As such, I’ll chronicle the journey of discovery as I develop this solution over many months. I’ll need to become a bit of an SME for LLMs, and combine that with my current knowledge of x86 architecture, UEFI, and OS internals.
In this article, I’ll cover the following topics:
Simplify my Python coding environment
Parameters versus Tokens – a short description
Using a Modelfile to customize LLMs – first steps
Simplifying Python Coding
I ended Part 1 with writing some Python code that connects with a local LLM, delivers a payload (the prompt) via an HTTP POST, and prints out the response. It’s pretty low-level, complex code. You can simplify this code by using the ollama Python package, obtaining that module via:
>pip3 install ollama
And then the code becomes much simpler:
import ollama
#Initialize the Ollama client client = ollama.Client()

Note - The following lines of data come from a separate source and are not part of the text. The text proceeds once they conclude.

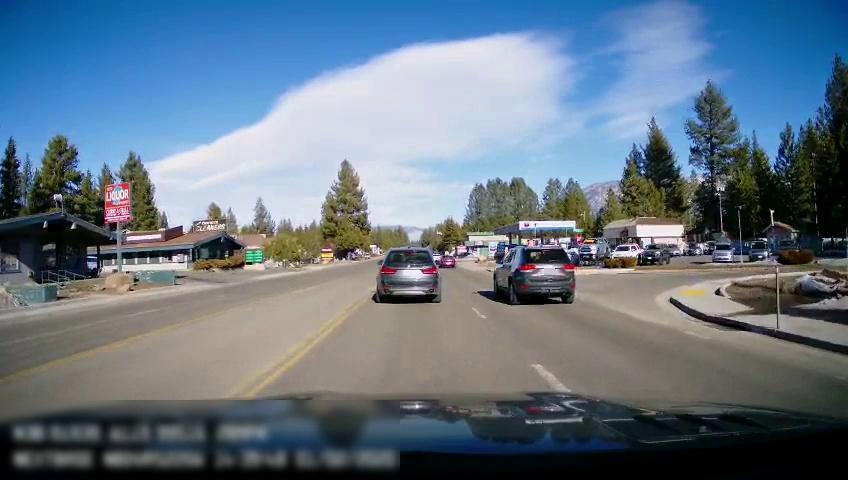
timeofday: Day
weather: Sunny
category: Drivable Space
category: Vehicles | Car
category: Vehicles | Truck
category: Vehicles | SUV
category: Vehicles | SUV
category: Vehicles | SUV
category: Vehicles | SUV
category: Vehicles | Car
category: Vehicles | Car
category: Vehicles | SUV
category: Vehicles | SUV
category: Vehicles | SUV
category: Lanes | Opposite Lane
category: Lanes | Current Lane
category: Lanes | Current Lane
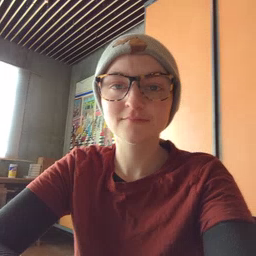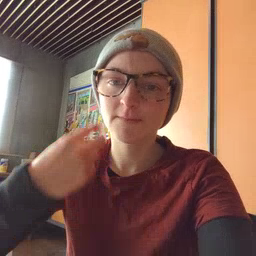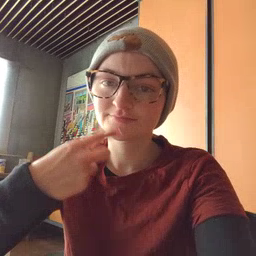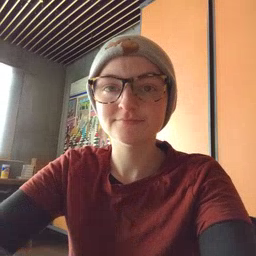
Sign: mouth
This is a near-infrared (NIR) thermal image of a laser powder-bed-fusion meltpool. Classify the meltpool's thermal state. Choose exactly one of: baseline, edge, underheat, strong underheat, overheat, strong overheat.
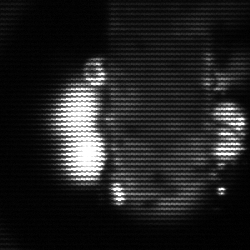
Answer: strong underheat
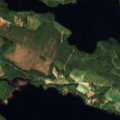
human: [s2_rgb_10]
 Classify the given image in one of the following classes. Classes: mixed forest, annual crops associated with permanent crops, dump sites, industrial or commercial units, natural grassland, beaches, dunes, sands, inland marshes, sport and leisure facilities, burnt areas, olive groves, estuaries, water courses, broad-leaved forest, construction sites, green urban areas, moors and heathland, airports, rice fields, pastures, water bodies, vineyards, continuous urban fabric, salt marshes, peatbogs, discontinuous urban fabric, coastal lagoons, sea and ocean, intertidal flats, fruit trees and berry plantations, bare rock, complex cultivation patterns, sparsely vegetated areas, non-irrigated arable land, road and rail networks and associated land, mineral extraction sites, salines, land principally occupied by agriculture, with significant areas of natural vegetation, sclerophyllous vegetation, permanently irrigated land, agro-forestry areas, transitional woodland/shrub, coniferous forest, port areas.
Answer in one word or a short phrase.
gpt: non-irrigated arable land, coniferous forest, mixed forest, water bodies
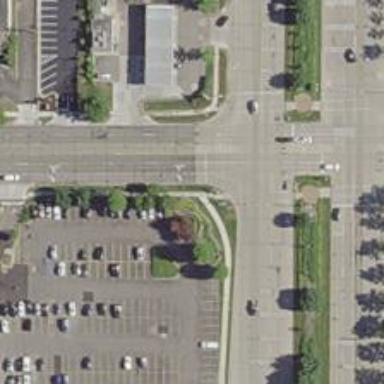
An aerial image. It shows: Crossing on the road.
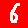
Digit: 6
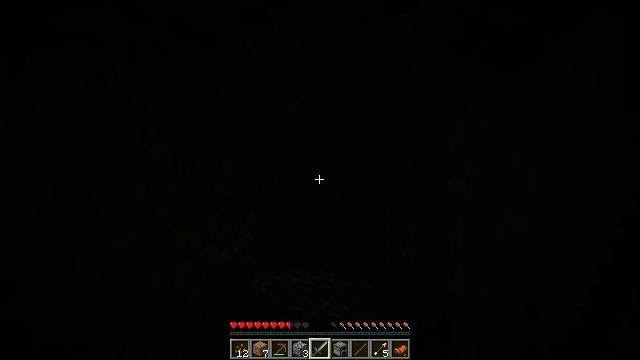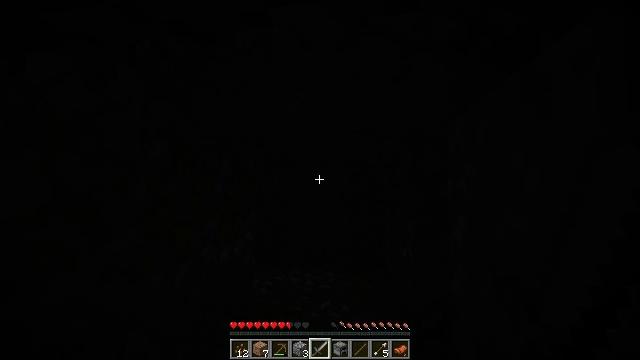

For now, I’ll continue the development on my local hardware, so this will be the approach for a while. I may have to change my strategy when I move to Google Colab or some other platform going forward. We’ll see.
Parameters versus Tokens
Before continuing the description of the fine-tuning process, I’ll take a detour into two very important LLM concepts: tokens and parameters. While this article is not an LLM tutorial, understanding these basics is essential for adapting an LLM to specific tasks, such as interpreting instruction execution traces in UEFI.
To put it simply, tokens are the basic building blocks of text that an LLM reads and generates. They are the model’s “words” or “letters.” A token can be a single word, a part of a word, a punctuation mark, or even a space. For example, the sentence “I love my dog” might be broken down into the tokens: [“I”, ” love”, ” my”, ” dog”].
Parameters, on the other hand, are the model’s knowledge and learned relationships. They are the numerical values (weights and biases) that the model adjusts during its training to become more accurate. Think of parameters as the “neural connections” in the model’s brain; I like that analogy.
A good way to compare the two is in this table:
Aspect
Tokens
Parameters
What they are
The units of text being processed
The model’s internal knowledge and weights
Measurement
Counted per interaction (input & output)
A fixed, static number for a specific model
Function
The “what” of the conversation (input/output)
The “how” of the model’s intelligence
Analogy
The words you speak and hear
The knowledge in your brain
For tokens and parameters, in general, the larger the better. We often talk about the LLM’s “token context window” as a key means by which a model can retain “in memory” massive amounts of data that we send it; retaining earlier parts of the data without losing context.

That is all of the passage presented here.